London Roar
- First season: 2019
- Association: International Swimming League
- Based in: London
- Head coach: Steven Tigg
- General manager: Rob Woodhouse
- Captain: Adam Peaty, Sydney Pickrem, Alia Atkinson, Guilherme Guido

= London Roar =

Swimming club in London, England

London Roar is a professional swimming club based in London and one of the first clubs of the International Swimming League (ISL) to be formed. It was formed in March 2019, with an international roster of swimmers including Adam Peaty who was among the first to support the formation of ISL independent of FINA. It is run by its general manager Rob Woodhouse. London hosted the sixth of the seven meets in ISL's inaugural season in 2019. The team finished second in 2019 and third in 2020.

==Team roster==
Six swimmers were named as co-captains in seasons one: Sydney Pickrem, Kyle Chalmers, Adam Peaty, Mireia Belmonte, Cate Campbell and James Guy. Peaty and Pickrem were initially announced as captains in the second season, followed by Alia Atkinson and Guilherme Guido. The team roster changes from year to year, ranging in number 32 to 36 swimmers, although only 28, 12 men and 12 women plus 2 men and 2 women for the relay, competed in ISL events. As of 2020, the team roster is:

UK London Roar
| Men | Women |
| GBR Adam Peaty (C) | GBR Aimee Willmott |
| FRA Amaury Leveaux | JAM Alia Atkinson |
| GRE Andreas Vazaios | GBR Anna Hopkin |
| GER Christian Diener | USA Annie Lazor |
| IRE Darragh Greene | GBR Emily Large |
| GBR Duncan Scott | GBR Freya Anderson |
| GBR Elliot Clogg | GBR Harriet West |
| BRA Guilherme Guido | GBR Holly Hibbott |
| GBR James Guy | GBR Kathleen Dawson |
| JPN Katsumi Nakamura | NED Kira Toussaint |
| RUS Kirill Prigoda | RUS Maria Kameneva |
| GBR Luke Greenbank | FRA Marie Wattel |
| GER Marius Kusch | GBR Siobhan-Marie O'Connor |
| RUS Mikhail Vekovishchev | CAN Sydney Pickrem (C) |
| GBR Scott Mclay | AUS Minna Atherton |
| GBR Tom Dean | AUS Emma McKeon |
| BRA Vinicius Lanza | AUS Cate Campbell |
| AUS Kyle Chalmers | AUS Bronte Campbell |

==Competition history==
London Roar reached the final of the first season of the International Swimming League in 2019 in Las Vegas, and finished second behind Energy Standard.

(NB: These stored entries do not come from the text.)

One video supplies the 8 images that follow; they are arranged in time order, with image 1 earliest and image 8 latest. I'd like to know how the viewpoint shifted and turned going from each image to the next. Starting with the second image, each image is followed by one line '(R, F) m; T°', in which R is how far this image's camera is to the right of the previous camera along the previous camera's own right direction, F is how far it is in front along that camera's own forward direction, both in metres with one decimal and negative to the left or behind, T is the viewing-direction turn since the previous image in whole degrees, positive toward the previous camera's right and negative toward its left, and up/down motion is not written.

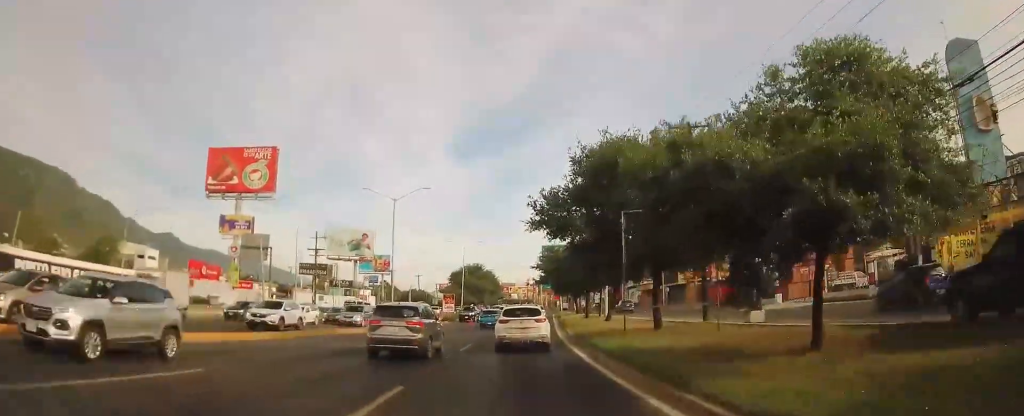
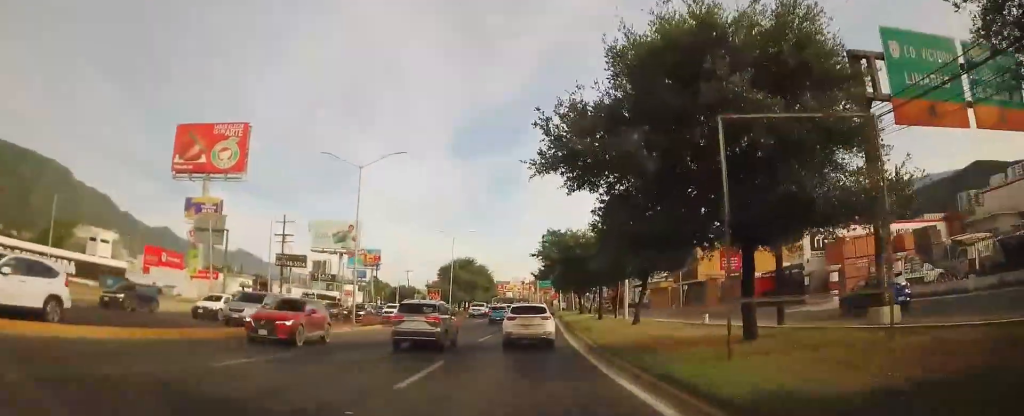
(+0.4, +10.1) m; +1°
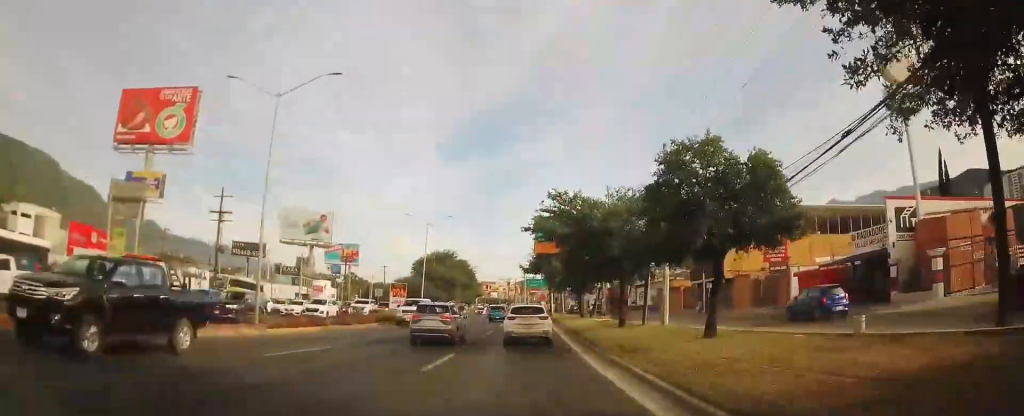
(-0.2, +12.8) m; +1°
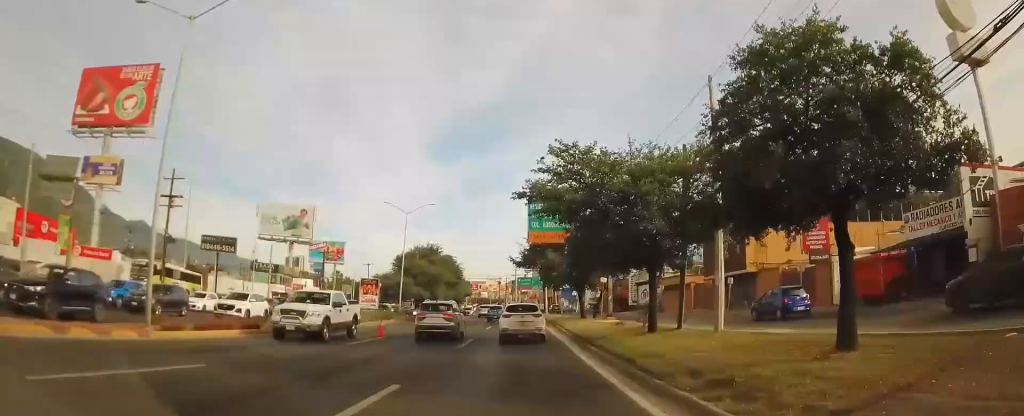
(+0.1, +7.6) m; +2°
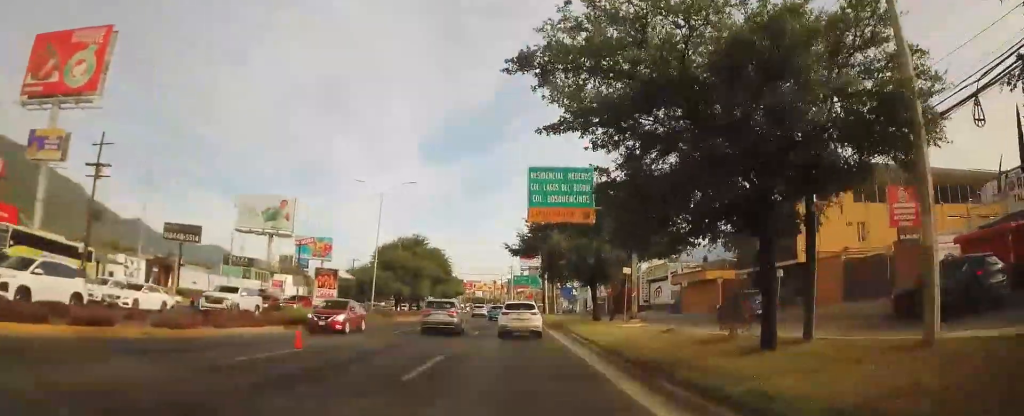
(+0.3, +9.8) m; +1°
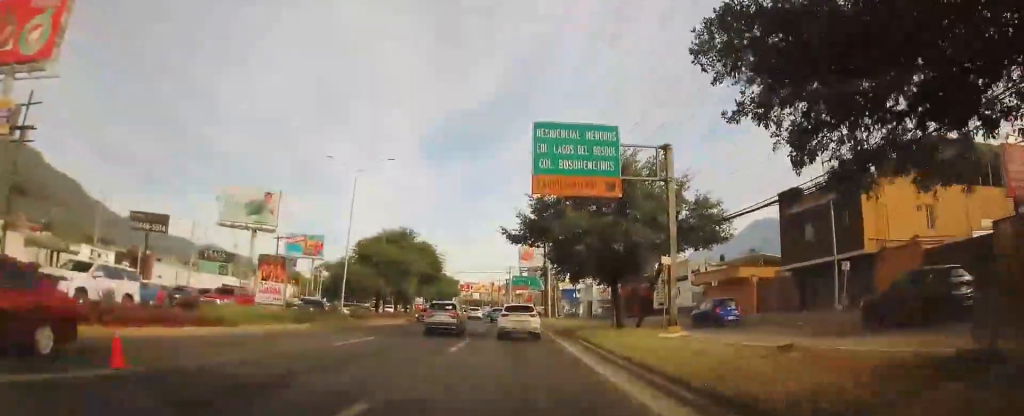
(+0.1, +8.2) m; 0°
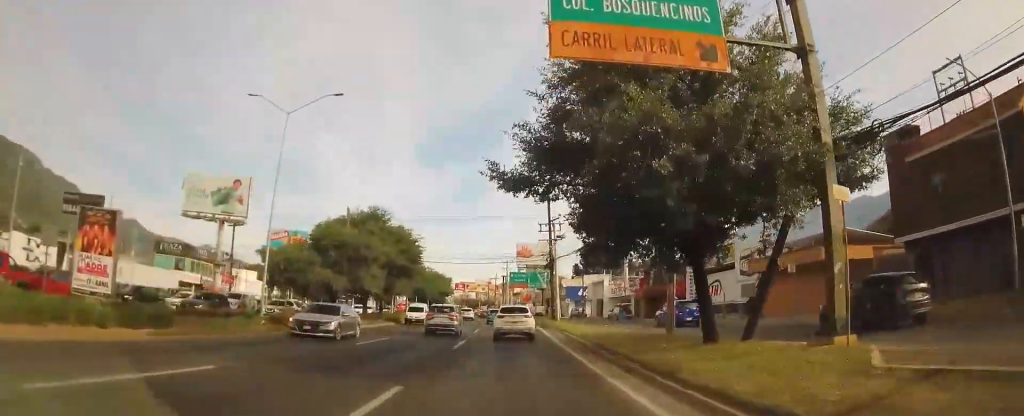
(-0.1, +12.9) m; 0°
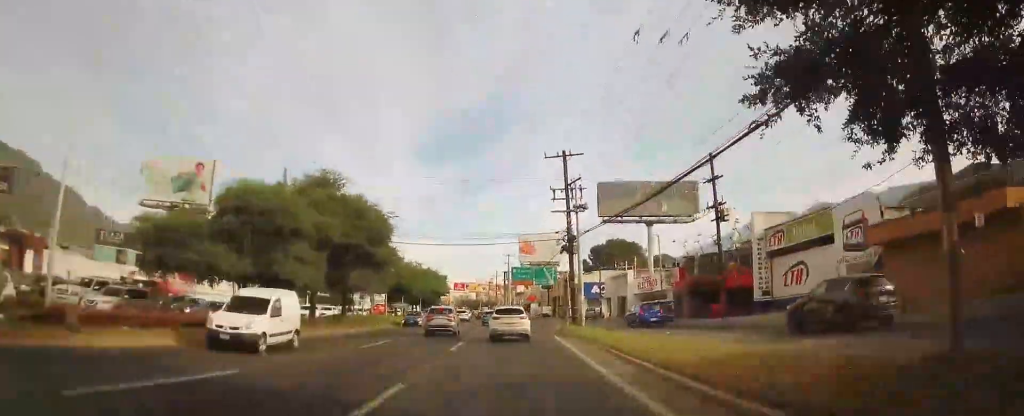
(-0.1, +14.5) m; -2°

The 2020 International Swimming League was held in Budapest at the Duna Arena, which was used throughout the tournament. London Roar finished third in the final.

Team member Adam Peaty broke the short-course 100m breaststroke world record twice. Kira Toussaint broke the short-course 50m backstroke world record in the semi-finals.